Reuben E. Price & Co., which has only one office in San Francisco, agreed to the censure order. It neither admitted nor denied the PCAOB’s findings, which stemmed from its work with Universal Communication Systems Inc., a Nevada corporation headquartered in Miami Beach that develops and markets solar energy systems. Universal is listed on the OTC Bulletin Board and the Pink Sheets.
According to the PCAOB’s complaint, on Jan. 13, 2004, Universal filed its 2003 annual report, and included with it a document that it claimed was an audit report issued by Price. Although the accounting firm had provided Universal with a draft audit report, it had not completed the audit, according to the PCAOB.
The accounting watchdog also asserted that on the same day, the accounting firm learned of the unauthorized use of its name, and notified the company’s management and board of directors.

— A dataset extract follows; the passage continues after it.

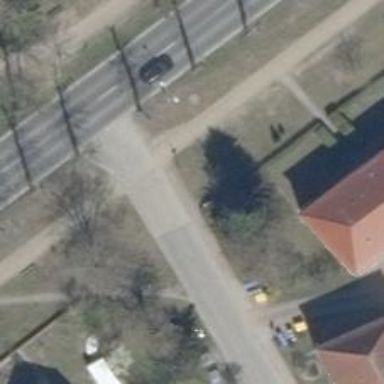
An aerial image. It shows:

According to the PCAOB, however, Universal’s management took no steps to correct the error, and Price did nothing further for 15 weeks. It was not until April 23, 2004 — when Price received notice that the PCAOB would be conducting an inspection — that the firm sent a letter formally notifying Universal that the audits of Universal’s financial statements had not been completed. The letter advised Universal not to rely on the draft audit report, and stated that Universal should notify the Securities and Exchange Commission. Price, noted the PCAOB, took action “only when prompted by the prospect of an imminent PCAOB inspection.”

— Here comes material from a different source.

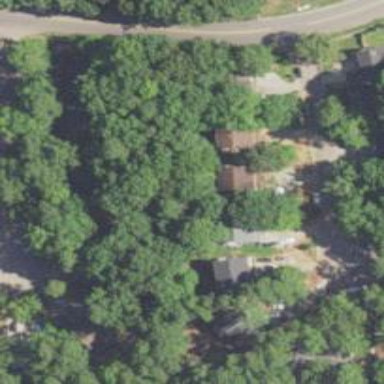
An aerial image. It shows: Residential area within neighborhood.

On May 4, 2004, Universal filed an 8-K disclosing that the accounting firm was unwilling to be associated with the financial statements Universal filed back in January because it had not completed its audit procedures relating to those financial statements.
In its complaint, the PCAOB noted that auditors have a responsibility to make sure than any illegal act detected in the course of an audit is addressed by the company’s management or board. And if that act affects the financial statements, and neither company management nor its board responds, the audit firm must resign from the engagement or report its conclusions to the SEC.